**Exercise directions**
There is one span to output from the data below: the lines starting at the line with "The point (426, 364) lands on what?" and ending at the line with "3-D box of the". Output it exactly, ends included, nothing more.

**Record extracts**
------------------------

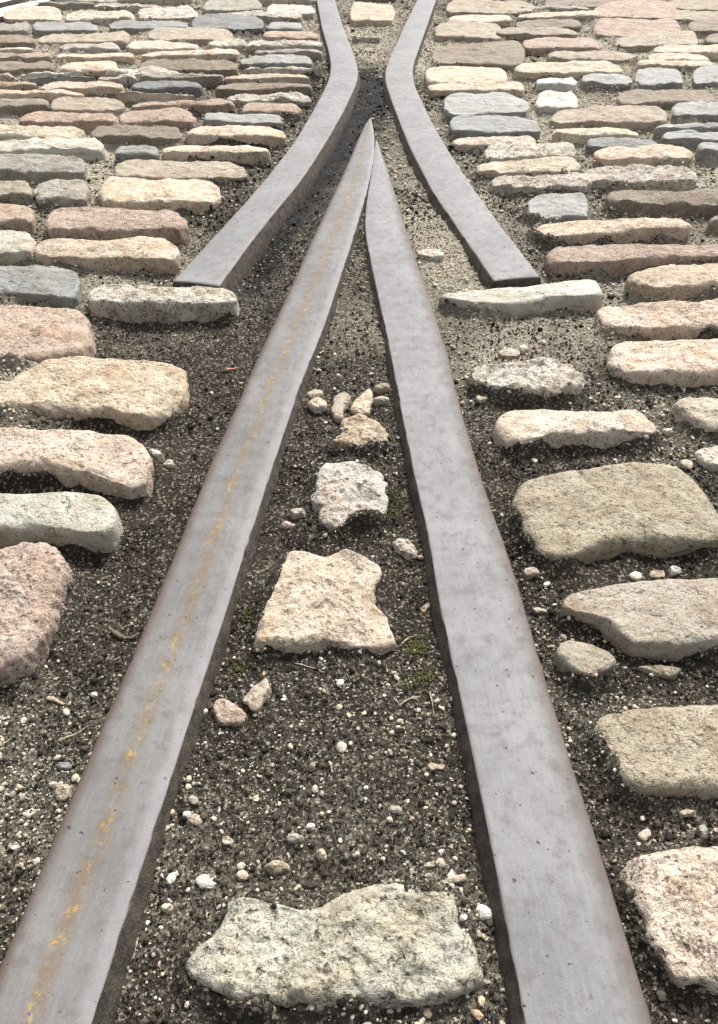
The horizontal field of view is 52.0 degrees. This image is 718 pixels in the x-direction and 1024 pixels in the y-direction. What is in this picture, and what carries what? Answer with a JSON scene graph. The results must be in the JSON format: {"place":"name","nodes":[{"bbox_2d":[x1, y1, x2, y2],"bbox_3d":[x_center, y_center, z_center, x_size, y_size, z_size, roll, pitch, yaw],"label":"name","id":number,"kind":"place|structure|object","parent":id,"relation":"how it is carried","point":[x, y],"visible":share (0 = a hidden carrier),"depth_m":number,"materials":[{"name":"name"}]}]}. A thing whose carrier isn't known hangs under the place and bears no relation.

------------------------

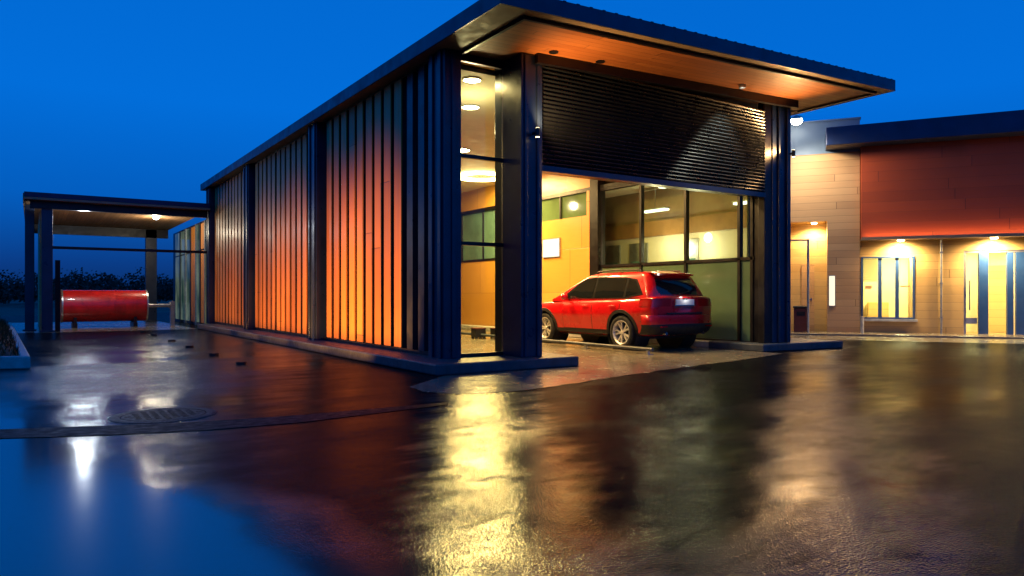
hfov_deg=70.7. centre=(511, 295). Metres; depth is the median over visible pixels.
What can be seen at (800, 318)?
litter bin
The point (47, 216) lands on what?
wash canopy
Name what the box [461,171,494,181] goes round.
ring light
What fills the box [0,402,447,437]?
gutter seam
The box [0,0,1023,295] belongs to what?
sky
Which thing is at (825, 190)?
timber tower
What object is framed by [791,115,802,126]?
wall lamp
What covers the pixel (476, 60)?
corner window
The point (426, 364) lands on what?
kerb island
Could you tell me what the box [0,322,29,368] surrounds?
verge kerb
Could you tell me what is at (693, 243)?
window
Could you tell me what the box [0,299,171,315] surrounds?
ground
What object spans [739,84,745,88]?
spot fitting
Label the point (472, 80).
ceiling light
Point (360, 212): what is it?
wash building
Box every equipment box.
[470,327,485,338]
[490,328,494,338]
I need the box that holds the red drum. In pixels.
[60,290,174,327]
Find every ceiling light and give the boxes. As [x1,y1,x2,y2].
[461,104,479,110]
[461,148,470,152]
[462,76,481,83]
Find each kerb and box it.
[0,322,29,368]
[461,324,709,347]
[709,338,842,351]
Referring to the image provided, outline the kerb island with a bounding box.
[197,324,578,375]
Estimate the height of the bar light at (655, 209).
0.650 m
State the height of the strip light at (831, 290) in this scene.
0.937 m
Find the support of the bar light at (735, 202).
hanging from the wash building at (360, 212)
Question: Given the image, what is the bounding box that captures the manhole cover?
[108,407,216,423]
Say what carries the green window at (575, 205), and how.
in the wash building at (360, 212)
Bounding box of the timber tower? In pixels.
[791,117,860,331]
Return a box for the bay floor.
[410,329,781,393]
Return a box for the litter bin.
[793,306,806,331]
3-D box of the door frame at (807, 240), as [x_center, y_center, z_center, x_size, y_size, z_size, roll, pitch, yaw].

------------------------

**Your solution**
The point (426, 364) lands on what?
kerb island
Could you tell me what the box [0,322,29,368] surrounds?
verge kerb
Could you tell me what is at (693, 243)?
window
Could you tell me what the box [0,299,171,315] surrounds?
ground
What object spans [739,84,745,88]?
spot fitting
Label the point (472, 80).
ceiling light
Point (360, 212): what is it?
wash building
Box every equipment box.
[470,327,485,338]
[490,328,494,338]
I need the box that holds the red drum. In pixels.
[60,290,174,327]
Find every ceiling light and give the boxes. As [x1,y1,x2,y2].
[461,104,479,110]
[461,148,470,152]
[462,76,481,83]
Find each kerb and box it.
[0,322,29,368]
[461,324,709,347]
[709,338,842,351]
Referring to the image provided, outline the kerb island with a bounding box.
[197,324,578,375]
Estimate the height of the bar light at (655, 209).
0.650 m
State the height of the strip light at (831, 290) in this scene.
0.937 m
Find the support of the bar light at (735, 202).
hanging from the wash building at (360, 212)
Question: Given the image, what is the bounding box that captures the manhole cover?
[108,407,216,423]
Say what carries the green window at (575, 205), and how.
in the wash building at (360, 212)
Bounding box of the timber tower? In pixels.
[791,117,860,331]
Return a box for the bay floor.
[410,329,781,393]
Return a box for the litter bin.
[793,306,806,331]
3-D box of the door frame at (807, 240), as [x_center, y_center, z_center, x_size, y_size, z_size, roll, pitch, yaw].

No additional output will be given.